Local Success Does Not Compose: Benchmarking Large Language Models for Compositional Formal Verification
This work addresses the challenge of reliable and verifiable code generation with LLMs for formal verification, though it is incremental as it builds on existing benchmarks by focusing on compositional aspects.
The authors tackled the problem of evaluating large language models (LLMs) on compositional formal verification by introducing DafnyCOMP, a benchmark with 300 multi-function programs, and found that while LLMs perform well on single-function tasks, their performance drops sharply on compositional tasks due to systematic failures in cross-functional reasoning.

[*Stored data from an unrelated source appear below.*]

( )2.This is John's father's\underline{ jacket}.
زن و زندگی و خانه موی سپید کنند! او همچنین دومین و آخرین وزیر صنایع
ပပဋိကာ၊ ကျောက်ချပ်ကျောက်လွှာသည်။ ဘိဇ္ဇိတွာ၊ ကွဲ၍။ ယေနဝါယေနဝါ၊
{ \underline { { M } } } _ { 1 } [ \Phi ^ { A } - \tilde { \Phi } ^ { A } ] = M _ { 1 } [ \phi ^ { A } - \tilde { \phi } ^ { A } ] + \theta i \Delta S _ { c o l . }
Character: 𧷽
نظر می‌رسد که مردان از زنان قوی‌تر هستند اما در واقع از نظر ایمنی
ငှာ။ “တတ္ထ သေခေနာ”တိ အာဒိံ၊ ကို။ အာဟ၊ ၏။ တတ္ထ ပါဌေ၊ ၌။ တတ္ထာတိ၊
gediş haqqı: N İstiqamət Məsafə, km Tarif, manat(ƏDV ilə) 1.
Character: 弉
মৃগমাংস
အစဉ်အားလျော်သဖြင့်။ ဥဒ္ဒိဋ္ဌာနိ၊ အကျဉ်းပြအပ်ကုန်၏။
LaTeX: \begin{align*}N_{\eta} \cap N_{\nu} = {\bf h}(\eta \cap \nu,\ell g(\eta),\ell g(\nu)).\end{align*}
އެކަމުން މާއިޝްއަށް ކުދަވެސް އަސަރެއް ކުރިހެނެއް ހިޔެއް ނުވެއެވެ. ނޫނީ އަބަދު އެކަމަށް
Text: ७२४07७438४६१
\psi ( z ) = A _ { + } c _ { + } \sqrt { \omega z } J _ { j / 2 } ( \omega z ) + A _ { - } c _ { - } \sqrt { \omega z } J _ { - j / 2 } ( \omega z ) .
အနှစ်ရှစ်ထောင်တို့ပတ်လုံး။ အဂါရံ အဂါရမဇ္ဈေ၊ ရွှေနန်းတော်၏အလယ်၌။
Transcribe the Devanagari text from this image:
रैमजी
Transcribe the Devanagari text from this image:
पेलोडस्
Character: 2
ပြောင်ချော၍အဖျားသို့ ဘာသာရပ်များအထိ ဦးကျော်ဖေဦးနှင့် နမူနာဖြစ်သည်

We introduce DafnyCOMP, a benchmark for evaluating large language models (LLMs) on compositional specification generation in Dafny. Unlike prior benchmarks that focus on single-function tasks, DafnyCOMP targets programs composed of multiple interacting functions with data dependencies, requiring reasoning across component boundaries. The benchmark consists of 300 automatically synthesized multi-function programs. We evaluate several state-of-the-art LLM families and find that, while they perform well on single-function verification, their performance drops sharply on compositional tasks. Analysis reveals systematic failures in cross-functional reasoning, including fragile specifications, misalignment between implementations and proofs, and unstable reasoning. DafnyCOMP thus provides a diagnostic tool for measuring progress toward reliable, verifiable, and compositional code generation with LLMs.